The carrying amount of trade receivable, trade payable, debt securities, other financial liabilities, loans, other financial assets, cash and cash equivalents as at 31st March, 2019, 31st March, 2018 and 1st April, 2017 are considered to the same as fair values, due to their short-term nature. These are classified as Level 3 fair value hierarchy due to inclusion of unobservable inputs including counter party credit risk. During the reporting period ending 31st March, 2019, there were no transfers between Level 1 and Level 2 fair value measurements.

Assumptions to above:

* The fair valuation of preference shares is based on independent valuers report.

* The fair valuation of unquoted mutual funds units is done based on NAV of units.

* The fair valuation of Private Equity Fund is done based on certified NAV of funds.

39 Financial Risk Management

The Company, being a Core Investment Company as per the Core Investment Companies (RBI) Directions 2016, is required to invest or lend majority of its funds to its subsidiaries and Joint Ventures. The Company's principal financial liabilities comprise borrowings and trade and other payables. The main purpose of these financial liabilities is to finance and support the Company's operations. The Company's principal financial assets include inter corporate deposits, loans, cash and cash equivalents and other receivables.
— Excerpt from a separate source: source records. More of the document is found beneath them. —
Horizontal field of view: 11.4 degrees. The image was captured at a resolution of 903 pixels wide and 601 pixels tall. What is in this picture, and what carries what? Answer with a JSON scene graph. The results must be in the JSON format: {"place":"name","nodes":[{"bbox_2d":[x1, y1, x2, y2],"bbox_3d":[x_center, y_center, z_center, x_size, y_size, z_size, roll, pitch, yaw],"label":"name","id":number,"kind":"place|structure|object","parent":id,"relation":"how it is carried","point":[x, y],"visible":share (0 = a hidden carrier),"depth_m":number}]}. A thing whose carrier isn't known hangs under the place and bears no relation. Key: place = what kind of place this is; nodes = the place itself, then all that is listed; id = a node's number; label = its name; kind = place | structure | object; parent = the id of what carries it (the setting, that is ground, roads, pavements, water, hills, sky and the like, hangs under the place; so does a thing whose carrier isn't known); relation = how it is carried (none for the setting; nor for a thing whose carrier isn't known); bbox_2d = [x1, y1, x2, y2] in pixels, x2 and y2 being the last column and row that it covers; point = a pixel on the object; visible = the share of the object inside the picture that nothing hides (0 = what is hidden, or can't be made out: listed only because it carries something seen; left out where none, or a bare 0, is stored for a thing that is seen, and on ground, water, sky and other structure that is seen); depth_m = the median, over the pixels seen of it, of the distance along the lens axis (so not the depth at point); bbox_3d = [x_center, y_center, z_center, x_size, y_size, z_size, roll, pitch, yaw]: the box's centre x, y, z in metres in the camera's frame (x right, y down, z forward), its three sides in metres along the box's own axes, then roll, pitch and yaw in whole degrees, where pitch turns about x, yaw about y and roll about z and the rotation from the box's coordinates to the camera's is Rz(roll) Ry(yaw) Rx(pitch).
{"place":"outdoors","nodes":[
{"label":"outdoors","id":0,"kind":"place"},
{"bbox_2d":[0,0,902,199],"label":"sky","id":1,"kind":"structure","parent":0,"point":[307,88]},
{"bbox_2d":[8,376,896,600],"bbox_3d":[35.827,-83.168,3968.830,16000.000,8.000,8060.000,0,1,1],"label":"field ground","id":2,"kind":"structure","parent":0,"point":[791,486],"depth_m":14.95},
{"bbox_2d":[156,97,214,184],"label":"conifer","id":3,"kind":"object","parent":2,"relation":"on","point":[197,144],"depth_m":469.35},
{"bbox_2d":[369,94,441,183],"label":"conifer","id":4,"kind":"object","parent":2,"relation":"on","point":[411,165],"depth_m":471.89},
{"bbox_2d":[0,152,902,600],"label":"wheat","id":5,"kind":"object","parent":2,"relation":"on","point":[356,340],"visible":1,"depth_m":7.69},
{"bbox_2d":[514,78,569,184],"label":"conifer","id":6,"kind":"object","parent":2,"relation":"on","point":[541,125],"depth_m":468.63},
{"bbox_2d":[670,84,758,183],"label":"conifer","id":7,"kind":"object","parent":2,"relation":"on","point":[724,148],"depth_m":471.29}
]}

The Company is exposed to market risk, credit risk, liquidity risk and operational and business risk. The Company's senior management oversees the management of these risks. The Company's senior management is supported by a Risk Management Committee that advises on financial risks and the appropriate financial risk governance framework for the Company. The Risk Committee provides assurance to the Company's senior management that the Company's financial risk activities are governed by appropriate policies and procedures and that financial risks are identified, measured and managed in accordance with the Company's policies and risk objectives. The major risks are summarized below:

Market Risk

Market risk is the risk that the fair value of future cash flows of a financial instrument will fluctuate because of changes in market prices. In the case of the Company, market risk primarily impacts financial instruments measured at fair value through profit or loss. These are primarily unquoted Compulsorily Convertible Preference Shares of subsidiaries and investments in mutual funds and other alternate funds where investments are not significant in relation to the size of its total investments. The fair value investments of these investments are regularly monitored.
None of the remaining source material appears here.